How many [tests] do we need to declare a statistically significant difference between [a design leading to action success rate] of p1 and one of p2? This is readily calculable:

* number of samples required per cell = 2.7 * (p1*(1-p1) + p2*(1-p2))/(p1-p2)^2

(By the way, the pre-factor of 2.7 has a one-sided confidence level of 95% and power of 50% baked into it. These have to do with the risk of choosing to switch when you shouldn’t and not switching when you should. We’re not running drug trials here so these two choices are fine for our purposes. The above calculation will determine the minimum and also the maximum you need to run.)

Thus, if you did this number of tests and found that the difference in action success was greater than (p1-p2), then you would have a 95% confidence level that the design being tested is responsible for the increase in success rate, and you would move to a new best practice.
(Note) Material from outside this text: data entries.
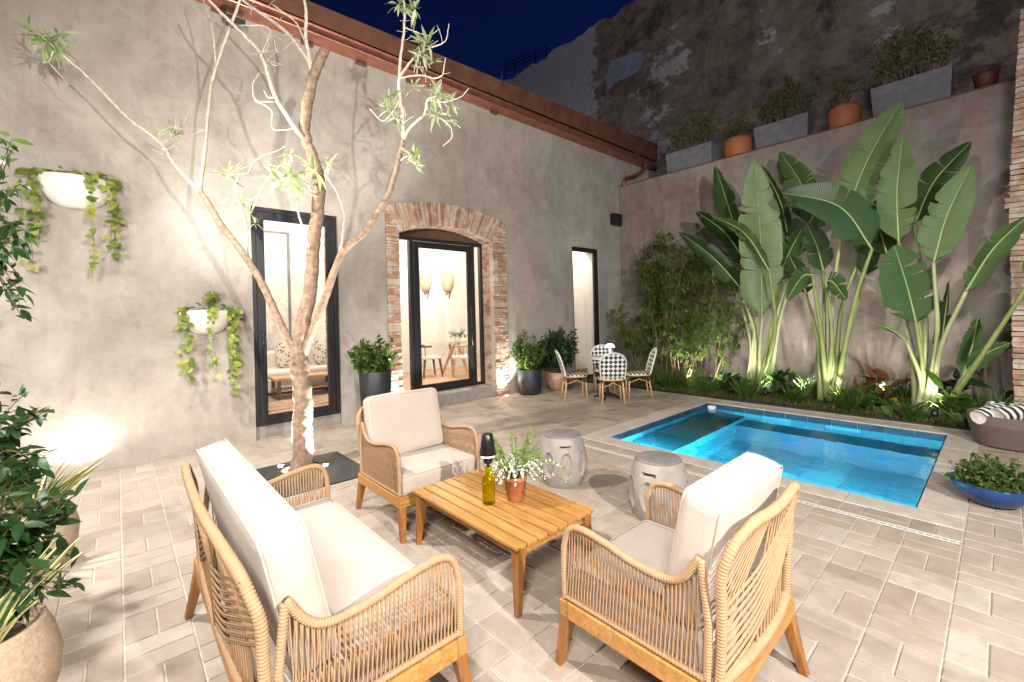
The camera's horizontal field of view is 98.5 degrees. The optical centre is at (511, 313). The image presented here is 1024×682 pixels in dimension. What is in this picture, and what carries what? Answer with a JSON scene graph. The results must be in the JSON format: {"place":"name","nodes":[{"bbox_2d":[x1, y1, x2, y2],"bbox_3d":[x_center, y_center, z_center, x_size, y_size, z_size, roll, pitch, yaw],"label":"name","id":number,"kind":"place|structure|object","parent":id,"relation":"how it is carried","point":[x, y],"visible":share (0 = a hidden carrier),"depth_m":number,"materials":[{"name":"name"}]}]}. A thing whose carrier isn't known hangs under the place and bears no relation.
{"place":"outdoors","nodes":[
{"label":"outdoors","id":0,"kind":"place"},
{"bbox_2d":[308,0,635,80],"label":"sky","id":1,"kind":"structure","parent":0,"point":[484,36],"materials":[{"name":"blue"}]},
{"bbox_2d":[3,381,1023,681],"bbox_3d":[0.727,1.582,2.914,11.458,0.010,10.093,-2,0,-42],"label":"paving","id":2,"kind":"structure","parent":0,"point":[975,629],"depth_m":2.65,"materials":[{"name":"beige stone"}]},
{"bbox_2d":[0,130,60,503],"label":"leafy tree","id":3,"kind":"object","parent":2,"relation":"on","point":[19,472],"visible":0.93,"depth_m":2.63,"materials":[{"name":"green plant"}]},
{"bbox_2d":[0,534,82,681],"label":"potted plant","id":4,"kind":"object","parent":2,"relation":"on","point":[32,651],"visible":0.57,"depth_m":1.69,"materials":[{"name":"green plant"}]},
{"bbox_2d":[0,467,88,623],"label":"leafy shrub","id":5,"kind":"object","parent":2,"relation":"on","point":[18,537],"visible":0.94,"depth_m":1.72,"materials":[{"name":"green plant"}]},
{"bbox_2d":[0,453,108,575],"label":"potted plant","id":6,"kind":"object","parent":2,"relation":"on","point":[70,533],"visible":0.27,"depth_m":2.89,"materials":[{"name":"green plant"}]},
{"bbox_2d":[9,0,468,471],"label":"courtyard tree","id":7,"kind":"object","parent":2,"relation":"on","point":[298,344],"visible":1,"depth_m":4.67,"materials":[{"name":"beige plant"}]},
{"bbox_2d":[256,451,359,497],"bbox_3d":[-2.108,1.666,4.580,0.948,0.040,1.018,-2,0,-42],"label":"tree grate","id":8,"kind":"object","parent":2,"relation":"on","point":[340,468],"visible":0.42,"depth_m":4.57,"materials":[{"name":"metal"}]},
{"bbox_2d":[181,439,471,681],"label":"sofa","id":9,"kind":"object","parent":2,"relation":"on","point":[327,588],"visible":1,"depth_m":1.62,"materials":[{"name":"white fabric"}]},
{"bbox_2d":[0,0,660,480],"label":"house","id":10,"kind":"structure","parent":2,"relation":"on","point":[504,206],"depth_m":5.91,"materials":[{"name":"paint"}]},
{"bbox_2d":[9,165,125,283],"bbox_3d":[-4.598,-0.922,4.595,0.872,1.232,0.327,-2,0,-42],"label":"wall planter","id":11,"kind":"object","parent":10,"relation":"attached to","point":[77,190],"visible":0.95,"depth_m":4.60,"materials":[{"name":"white ceramic"}]},
{"bbox_2d":[174,290,243,394],"bbox_3d":[-3.687,0.376,5.410,0.722,1.332,0.333,-2,0,-42],"label":"wall planter","id":12,"kind":"object","parent":10,"relation":"attached to","point":[210,320],"visible":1,"depth_m":5.36,"materials":[{"name":"white ceramic"}]},
{"bbox_2d":[222,12,245,27],"bbox_3d":[-3.580,-3.758,5.672,0.240,0.132,0.194,-2,0,-42],"label":"eave floodlight","id":13,"kind":"object","parent":10,"relation":"attached to","point":[238,21],"visible":0.73,"depth_m":5.63,"materials":[{"name":"black plastic"}]},
{"bbox_2d":[264,230,291,350],"bbox_3d":[-4.942,-0.221,9.238,0.570,3.000,0.040,-2,0,-42],"label":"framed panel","id":14,"kind":"object","parent":10,"relation":"attached to","point":[277,261],"visible":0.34,"depth_m":9.26,"materials":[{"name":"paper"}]},
{"bbox_2d":[250,206,340,426],"bbox_3d":[-3.040,0.033,6.267,1.128,2.949,0.129,-2,0,-42],"label":"glass door","id":15,"kind":"structure","parent":10,"relation":"in","point":[263,418],"depth_m":6.08,"materials":[{"name":"black metal"}]},
{"bbox_2d":[268,387,327,411],"bbox_3d":[-3.839,1.529,8.210,2.600,0.012,2.100,-2,0,-42],"label":"rug","id":16,"kind":"object","parent":10,"relation":"on","point":[319,395],"visible":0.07,"depth_m":7.76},
{"bbox_2d":[267,348,326,392],"bbox_3d":[-4.315,1.117,8.953,2.120,0.740,0.875,-2,0,-42],"label":"indoor sofa","id":17,"kind":"object","parent":16,"relation":"on","point":[273,368],"depth_m":8.77,"materials":[{"name":"beige fabric"}]},
{"bbox_2d":[275,342,290,367],"bbox_3d":[-4.430,0.829,8.848,0.581,0.558,0.259,-2,-14,-42],"label":"pillow","id":18,"kind":"object","parent":17,"relation":"on","point":[282,356],"visible":0.52,"depth_m":8.67,"materials":[{"name":"beige fabric"}]},
{"bbox_2d":[312,339,326,364],"bbox_3d":[-3.910,0.816,9.318,0.572,0.569,0.265,-2,-14,-42],"label":"pillow","id":19,"kind":"object","parent":17,"relation":"on","point":[319,351],"visible":0.49,"depth_m":9.14,"materials":[{"name":"beige fabric"}]},
{"bbox_2d":[268,371,327,399],"bbox_3d":[-3.877,1.340,8.248,1.100,0.392,0.500,-2,0,-42],"label":"coffee table","id":20,"kind":"object","parent":16,"relation":"on","point":[279,389],"visible":0.56,"depth_m":8.06,"materials":[{"name":"brown wood"}]},
{"bbox_2d":[419,271,431,297],"bbox_3d":[-2.228,-0.751,11.589,0.390,0.724,0.195,-2,0,-42],"label":"wall lamp","id":21,"kind":"object","parent":10,"relation":"attached to","point":[425,281],"depth_m":11.51,"materials":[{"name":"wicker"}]},
{"bbox_2d":[421,345,442,378],"bbox_3d":[-1.967,1.115,10.338,0.545,0.747,0.527,-2,0,-32],"label":"dining chair","id":22,"kind":"object","parent":10,"relation":"on","point":[429,357],"visible":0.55,"depth_m":10.21,"materials":[{"name":"brown wood"}]},
{"bbox_2d":[398,229,484,390],"bbox_3d":[-1.313,-0.076,8.187,2.030,3.020,0.161,-2,0,-42],"label":"arched door","id":23,"kind":"structure","parent":10,"relation":"in","point":[438,239],"depth_m":8.22,"materials":[{"name":"black metal"}]},
{"bbox_2d":[441,272,453,298],"bbox_3d":[-1.722,-0.765,12.043,0.390,0.724,0.195,-2,0,-42],"label":"wall lamp","id":24,"kind":"object","parent":10,"relation":"attached to","point":[447,280],"depth_m":11.97,"materials":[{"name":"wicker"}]},
{"bbox_2d":[434,341,477,373],"bbox_3d":[-1.434,1.104,10.984,1.210,0.764,1.210,-2,0,-42],"label":"dining table","id":25,"kind":"object","parent":10,"relation":"on","point":[450,354],"visible":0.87,"depth_m":10.89,"materials":[{"name":"brown wood"}]},
{"bbox_2d":[448,329,467,341],"bbox_3d":[-1.384,0.532,11.040,0.459,0.373,0.468,-1,0,35],"label":"plant vase","id":26,"kind":"object","parent":25,"relation":"on","point":[458,335],"visible":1,"depth_m":11.02,"materials":[{"name":"white ceramic"}]},
{"bbox_2d":[451,345,467,377],"bbox_3d":[-1.147,1.094,10.268,0.527,0.747,0.545,-1,0,-12],"label":"dining chair","id":27,"kind":"object","parent":10,"relation":"on","point":[455,357],"visible":0.59,"depth_m":10.05,"materials":[{"name":"brown wood"}]},
{"bbox_2d":[572,247,599,379],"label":"window","id":28,"kind":"structure","parent":10,"relation":"in","point":[584,260],"depth_m":11.14,"materials":[{"name":"white glass"}]},
{"bbox_2d":[610,213,621,225],"bbox_3d":[2.660,-2.390,11.263,0.340,0.290,0.146,-2,0,-42],"label":"wall speaker","id":29,"kind":"object","parent":10,"relation":"attached to","point":[615,219],"depth_m":11.17,"materials":[{"name":"black plastic"}]},
{"bbox_2d":[347,335,398,421],"bbox_3d":[-2.066,0.985,6.595,0.740,1.339,0.694,-2,0,-15],"label":"potted shrub","id":30,"kind":"object","parent":2,"relation":"on","point":[371,365],"visible":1,"depth_m":6.42,"materials":[{"name":"green plant"}]},
{"bbox_2d":[356,387,479,543],"bbox_3d":[-0.784,1.145,3.653,0.750,0.959,0.836,-2,0,-42],"label":"armchair","id":31,"kind":"object","parent":2,"relation":"on","point":[407,441],"visible":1,"depth_m":3.60,"materials":[{"name":"beige fabric"}]},
{"bbox_2d":[413,467,593,618],"bbox_3d":[-0.090,1.413,2.910,0.649,0.381,1.080,-2,0,-42],"label":"coffee table","id":32,"kind":"object","parent":2,"relation":"on","point":[536,517],"visible":0.91,"depth_m":2.73,"materials":[{"name":"brown wood"}]},
{"bbox_2d":[479,432,495,466],"bbox_3d":[-0.154,0.999,2.842,0.110,0.448,0.110,-2,0,-42],"label":"bottle lamp","id":33,"kind":"object","parent":32,"relation":"on","point":[487,452],"visible":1,"depth_m":2.81,"materials":[{"name":"black metal"}]},
{"bbox_2d":[481,426,568,501],"bbox_3d":[0.078,1.005,2.969,0.556,0.424,0.417,-2,0,-8],"label":"potted plant","id":34,"kind":"object","parent":32,"relation":"on","point":[514,476],"visible":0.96,"depth_m":2.87,"materials":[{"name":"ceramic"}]},
{"bbox_2d":[507,329,548,394],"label":"potted shrub","id":35,"kind":"object","parent":2,"relation":"on","point":[529,378],"visible":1,"depth_m":8.57,"materials":[{"name":"green plant"}]},
{"bbox_2d":[533,324,578,389],"bbox_3d":[0.969,0.902,9.186,1.128,1.345,0.926,-2,0,-42],"label":"potted shrub","id":36,"kind":"object","parent":2,"relation":"on","point":[563,348],"visible":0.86,"depth_m":9.02,"materials":[{"name":"green plant"}]},
{"bbox_2d":[538,429,586,488],"bbox_3d":[0.472,1.357,4.154,0.453,0.462,0.453,-2,0,18],"label":"drum stool","id":37,"kind":"object","parent":2,"relation":"on","point":[565,448],"visible":0.88,"depth_m":3.99,"materials":[{"name":"ceramic"}]},
{"bbox_2d":[555,350,587,401],"bbox_3d":[1.079,1.112,8.038,0.564,0.910,0.458,-2,0,-2],"label":"bistro chair","id":38,"kind":"object","parent":2,"relation":"on","point":[575,375],"visible":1,"depth_m":7.88,"materials":[{"name":"multicoloured wicker"}]},
{"bbox_2d":[591,345,615,393],"bbox_3d":[1.804,1.093,8.720,0.458,0.910,0.564,-1,0,6],"label":"bistro chair","id":39,"kind":"object","parent":2,"relation":"on","point":[599,350],"visible":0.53,"depth_m":8.90,"materials":[{"name":"multicoloured wicker"}]},
{"bbox_2d":[590,356,619,400],"bbox_3d":[1.740,1.176,8.066,0.600,0.753,0.600,-2,0,-42],"label":"bistro table","id":40,"kind":"object","parent":2,"relation":"on","point":[607,392],"visible":0.41,"depth_m":8.03,"materials":[{"name":"black metal"}]},
{"bbox_2d":[605,343,614,352],"bbox_3d":[1.762,0.670,7.936,0.173,0.254,0.173,-2,0,-42],"label":"table lamp","id":41,"kind":"object","parent":40,"relation":"on","point":[609,345],"visible":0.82,"depth_m":7.89,"materials":[{"name":"white paint"}]},
{"bbox_2d":[597,353,626,406],"bbox_3d":[1.691,1.096,7.481,0.458,0.910,0.564,-1,0,5],"label":"bistro chair","id":42,"kind":"object","parent":2,"relation":"on","point":[613,367],"visible":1,"depth_m":7.30,"materials":[{"name":"multicoloured wicker"}]},
{"bbox_2d":[625,347,656,399],"bbox_3d":[2.335,1.079,8.002,0.564,0.910,0.458,-2,0,6],"label":"bistro chair","id":43,"kind":"object","parent":2,"relation":"on","point":[651,360],"visible":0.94,"depth_m":7.92,"materials":[{"name":"multicoloured wicker"}]},
{"bbox_2d":[628,451,689,526],"bbox_3d":[1.132,1.340,3.404,0.453,0.462,0.453,-2,0,-28],"label":"drum stool","id":44,"kind":"object","parent":2,"relation":"on","point":[648,468],"visible":0.64,"depth_m":3.27,"materials":[{"name":"ceramic"}]},
{"bbox_2d":[555,452,808,681],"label":"armchair","id":45,"kind":"object","parent":2,"relation":"on","point":[700,590],"visible":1,"depth_m":1.67,"materials":[{"name":"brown wood"}]},
{"bbox_2d":[505,0,1023,174],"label":"old wall","id":46,"kind":"structure","parent":2,"relation":"on","point":[641,68],"depth_m":11.65,"materials":[{"name":"grey stone"}]},
{"bbox_2d":[504,45,546,79],"bbox_3d":[0.614,-10.945,20.701,0.048,2.700,2.816,-2,0,-42],"label":"roof railing","id":47,"kind":"object","parent":46,"relation":"on","point":[524,62],"visible":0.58,"depth_m":20.68,"materials":[{"name":"black metal"}]},
{"bbox_2d":[584,444,960,545],"bbox_3d":[1.870,1.551,4.128,0.045,0.018,3.270,-2,0,-42],"label":"drain channel","id":48,"kind":"object","parent":2,"relation":"on","point":[929,535],"visible":0.52,"depth_m":3.30,"materials":[{"name":"white metal"}]},
{"bbox_2d":[575,381,978,530],"bbox_3d":[2.873,1.552,5.970,3.445,0.066,8.096,-2,0,-42],"label":"pool coping","id":49,"kind":"object","parent":2,"relation":"on","point":[943,501],"visible":0.71,"depth_m":4.59,"materials":[{"name":"stone"}]},
{"bbox_2d":[611,403,946,507],"bbox_3d":[3.262,2.197,5.472,2.850,1.344,2.907,-2,0,-42],"label":"pool basin","id":50,"kind":"object","parent":2,"relation":"in","point":[935,436],"visible":0.12,"depth_m":6.18,"materials":[{"name":"tile"}]},
{"bbox_2d":[620,408,943,506],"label":"pool water","id":51,"kind":"structure","parent":50,"relation":"in","point":[892,467],"depth_m":5.22,"materials":[{"name":"blue liquid"}]},
{"bbox_2d":[707,405,715,409],"bbox_3d":[3.334,1.578,7.365,0.136,0.070,0.136,-2,0,-42],"label":"pool skimmer","id":52,"kind":"object","parent":51,"relation":"on","point":[711,407],"visible":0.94,"depth_m":7.31,"materials":[{"name":"white paint"}]},
{"bbox_2d":[578,370,983,430],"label":"bed soil","id":53,"kind":"structure","parent":2,"relation":"on","point":[859,414],"depth_m":7.06,"materials":[{"name":"brown soil"}]},
{"bbox_2d":[627,364,643,382],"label":"grass tuft","id":54,"kind":"object","parent":53,"relation":"on","point":[634,378],"visible":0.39,"depth_m":9.37,"materials":[{"name":"green plant"}]},
{"bbox_2d":[640,368,669,386],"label":"leafy plant","id":55,"kind":"object","parent":53,"relation":"on","point":[652,380],"visible":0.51,"depth_m":8.90,"materials":[{"name":"green plant"}]},
{"bbox_2d":[651,365,689,388],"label":"grass tuft","id":56,"kind":"object","parent":53,"relation":"on","point":[671,381],"visible":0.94,"depth_m":8.59,"materials":[{"name":"green plant"}]},
{"bbox_2d":[609,228,753,384],"bbox_3d":[3.547,-0.203,9.515,1.872,3.371,3.327,-2,0,-42],"label":"bamboo","id":57,"kind":"object","parent":53,"relation":"on","point":[656,295],"visible":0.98,"depth_m":9.35,"materials":[{"name":"green plant"}]},
{"bbox_2d":[683,364,705,390],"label":"leafy plant","id":58,"kind":"object","parent":53,"relation":"on","point":[692,373],"visible":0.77,"depth_m":8.37,"materials":[{"name":"green plant"}]},
{"bbox_2d":[686,368,727,393],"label":"grass tuft","id":59,"kind":"object","parent":53,"relation":"on","point":[707,386],"visible":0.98,"depth_m":8.02,"materials":[{"name":"green plant"}]},
{"bbox_2d":[711,368,747,386],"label":"grass tuft","id":60,"kind":"object","parent":53,"relation":"on","point":[731,375],"visible":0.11,"depth_m":8.44,"materials":[{"name":"green plant"}]},
{"bbox_2d":[717,369,749,393],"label":"leafy plant","id":61,"kind":"object","parent":53,"relation":"on","point":[725,380],"visible":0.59,"depth_m":7.95,"materials":[{"name":"green plant"}]},
{"bbox_2d":[719,367,781,398],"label":"grass tuft","id":62,"kind":"object","parent":53,"relation":"on","point":[750,390],"visible":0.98,"depth_m":7.49,"materials":[{"name":"green plant"}]},
{"bbox_2d":[679,151,825,391],"bbox_3d":[4.411,-0.762,8.319,1.350,4.494,2.493,-2,0,-42],"label":"fan palm","id":63,"kind":"object","parent":53,"relation":"on","point":[757,237],"visible":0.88,"depth_m":7.95,"materials":[{"name":"green plant"}]},
{"bbox_2d":[587,377,968,426],"bbox_3d":[4.276,1.376,7.881,1.368,0.164,6.744,-2,0,-42],"label":"ground cover","id":64,"kind":"object","parent":53,"relation":"on","point":[807,404],"visible":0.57,"depth_m":6.95,"materials":[{"name":"green plant"}]},
{"bbox_2d":[761,367,797,397],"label":"leafy plant","id":65,"kind":"object","parent":53,"relation":"on","point":[779,376],"visible":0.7,"depth_m":7.45,"materials":[{"name":"green plant"}]},
{"bbox_2d":[773,378,821,403],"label":"grass tuft","id":66,"kind":"object","parent":53,"relation":"on","point":[796,395],"visible":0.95,"depth_m":7.01,"materials":[{"name":"green plant"}]},
{"bbox_2d":[789,375,816,396],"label":"grass tuft","id":67,"kind":"object","parent":53,"relation":"on","point":[811,389],"visible":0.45,"depth_m":7.49,"materials":[{"name":"green plant"}]},
{"bbox_2d":[781,100,903,400],"bbox_3d":[5.175,-0.801,7.007,1.072,4.522,1.674,-2,0,-42],"label":"fan palm","id":68,"kind":"object","parent":53,"relation":"on","point":[845,211],"visible":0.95,"depth_m":6.80,"materials":[{"name":"green plant"}]},
{"bbox_2d":[820,379,878,410],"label":"grass tuft","id":69,"kind":"object","parent":53,"relation":"on","point":[846,402],"visible":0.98,"depth_m":6.45,"materials":[{"name":"green plant"}]},
{"bbox_2d":[841,376,888,392],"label":"grass tuft","id":70,"kind":"object","parent":53,"relation":"on","point":[879,384],"visible":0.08,"depth_m":7.14,"materials":[{"name":"green plant"}]},
{"bbox_2d":[850,382,895,414],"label":"leafy plant","id":71,"kind":"object","parent":53,"relation":"on","point":[885,407],"visible":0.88,"depth_m":6.31,"materials":[{"name":"green plant"}]},
{"bbox_2d":[837,363,909,405],"bbox_3d":[5.421,1.084,6.638,0.654,0.678,0.731,-2,0,-12],"label":"leafy plant","id":72,"kind":"object","parent":53,"relation":"on","point":[881,374],"visible":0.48,"depth_m":6.59,"materials":[{"name":"red plant"}]},
{"bbox_2d":[881,374,911,404],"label":"grass tuft","id":73,"kind":"object","parent":53,"relation":"on","point":[905,394],"visible":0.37,"depth_m":6.70,"materials":[{"name":"green plant"}]},
{"bbox_2d":[890,397,902,415],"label":"leafy plant","id":74,"kind":"object","parent":53,"relation":"on","point":[895,398],"visible":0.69,"depth_m":6.12,"materials":[{"name":"yellow plant"}]},
{"bbox_2d":[883,395,938,419],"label":"grass tuft","id":75,"kind":"object","parent":53,"relation":"on","point":[906,411],"visible":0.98,"depth_m":5.90,"materials":[{"name":"green plant"}]},
{"bbox_2d":[931,408,938,423],"bbox_3d":[5.536,1.352,5.776,0.097,0.227,0.076,-2,0,-42],"label":"ground uplight","id":76,"kind":"object","parent":53,"relation":"on","point":[936,410],"visible":0.98,"depth_m":5.75,"materials":[{"name":"black plastic"}]},
{"bbox_2d":[885,357,991,403],"bbox_3d":[6.199,1.045,6.447,0.744,0.822,1.135,-2,0,-42],"label":"leafy plant","id":77,"kind":"object","parent":53,"relation":"on","point":[971,381],"visible":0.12,"depth_m":6.28,"materials":[{"name":"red plant"}]},
{"bbox_2d":[910,369,977,425],"bbox_3d":[5.678,1.100,5.678,0.664,0.775,0.802,-2,0,-42],"label":"leafy plant","id":78,"kind":"object","parent":53,"relation":"on","point":[954,410],"visible":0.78,"depth_m":5.69,"materials":[{"name":"green plant"}]},
{"bbox_2d":[872,136,1023,414],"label":"fan palm","id":79,"kind":"object","parent":53,"relation":"on","point":[902,285],"visible":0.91,"depth_m":6.06,"materials":[{"name":"green plant"}]},
{"bbox_2d":[940,383,1023,407],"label":"grass tuft","id":80,"kind":"object","parent":53,"relation":"on","point":[985,397],"visible":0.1,"depth_m":5.59,"materials":[{"name":"green plant"}]},
{"bbox_2d":[619,79,1023,402],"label":"garden wall","id":81,"kind":"structure","parent":2,"relation":"on","point":[981,119],"depth_m":7.85,"materials":[{"name":"brown paint"}]},
{"bbox_2d":[663,103,725,172],"bbox_3d":[4.265,-4.111,10.350,0.696,1.552,1.500,-2,0,-42],"label":"trough planter","id":82,"kind":"object","parent":81,"relation":"on","point":[702,152],"visible":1,"depth_m":10.23,"materials":[{"name":"green plant"}]},
{"bbox_2d":[721,108,752,157],"bbox_3d":[4.894,-3.929,9.596,0.597,1.156,0.666,-2,0,-42],"label":"terracotta pot","id":83,"kind":"object","parent":81,"relation":"on","point":[738,142],"visible":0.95,"depth_m":9.47,"materials":[{"name":"orange ceramic"}]},
{"bbox_2d":[751,61,824,148],"bbox_3d":[5.555,-4.149,8.969,0.699,1.560,1.392,-2,0,-42],"label":"trough planter","id":84,"kind":"object","parent":81,"relation":"on","point":[788,127],"visible":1,"depth_m":8.79,"materials":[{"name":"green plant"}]},
{"bbox_2d":[824,69,870,128],"bbox_3d":[6.189,-3.985,8.179,0.561,1.198,0.703,-2,0,-42],"label":"terracotta pot","id":85,"kind":"object","parent":81,"relation":"on","point":[845,112],"visible":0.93,"depth_m":8.11,"materials":[{"name":"orange ceramic"}]},
{"bbox_2d":[864,16,963,116],"bbox_3d":[6.770,-4.202,7.511,0.684,1.603,1.295,-2,0,-42],"label":"trough planter","id":86,"kind":"object","parent":81,"relation":"on","point":[934,83],"visible":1,"depth_m":7.38,"materials":[{"name":"green plant"}]},
{"bbox_2d":[972,68,999,88],"bbox_3d":[7.344,-3.566,6.837,0.300,0.300,0.300,-2,0,-42],"label":"terracotta pot","id":87,"kind":"object","parent":81,"relation":"on","point":[984,78],"visible":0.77,"depth_m":6.75,"materials":[{"name":"orange ceramic"}]},
{"bbox_2d":[942,451,1023,508],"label":"bowl planter","id":88,"kind":"object","parent":2,"relation":"on","point":[1000,485],"visible":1,"depth_m":3.38,"materials":[{"name":"blue ceramic"}]},
{"bbox_2d":[967,407,1023,451],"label":"rope basket","id":89,"kind":"object","parent":2,"relation":"on","point":[1002,433],"visible":0.88,"depth_m":4.69,"materials":[{"name":"grey fabric"}]},
{"bbox_2d":[970,403,1008,423],"bbox_3d":[5.284,1.106,4.880,0.401,0.213,0.175,-2,0,-13],"label":"towel","id":90,"kind":"object","parent":89,"relation":"in","point":[979,415],"visible":0.67,"depth_m":4.84,"materials":[{"name":"white fabric"}]},
{"bbox_2d":[985,401,1015,405],"bbox_3d":[5.562,1.084,4.902,0.440,0.196,0.184,-2,0,30],"label":"towel","id":91,"kind":"object","parent":89,"relation":"in","point":[990,402],"visible":0.18,"depth_m":4.95,"materials":[{"name":"white fabric"}]},
{"bbox_2d":[990,403,1023,419],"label":"towel","id":92,"kind":"object","parent":89,"relation":"in","point":[1015,412],"visible":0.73,"depth_m":4.70,"materials":[{"name":"white fabric"}]},
{"bbox_2d":[1004,9,1023,403],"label":"brick pillar","id":93,"kind":"structure","parent":2,"relation":"on","point":[1014,204],"depth_m":5.71,"materials":[{"name":"brown brick"}]}
]}

The author reminds developers to adhere to A:B testing best practices, including:

# Running the two cells concurrently
# Randomly assigning an individual user to a cell and make sure they stay in that cell during the test
# Scheduling the test to neutralize time-of-day and day-of-week effects.
# Serving users from countries that are of interest.

One thing that immediately emerges from this formula is that you don’t need that many tests to determine if a new design is working. For example, testing a design that anticipates increasing success from .5% to .575% only needs about 52k tests. For apps and websites that are at scale, this does not take very long.

The danger is that, because of the overhead of putting up and taking down tests, “bad” test designs stay up for too long, exposing too many users to a worse experience than usual. While some people consider A:B testing to be splitting users into equal groups, there is no such requirement. I’d advise developers to size their test cells to be x% of their total traffic, where x% is a little more required to hit the minimums calculated above over a week. This neutralizes time of day and day of week effects, minimizes the overhead of test set up, and ensures that not too many users are exposed to bad designs. It also allows multiple, independent tests to be run simultaneously.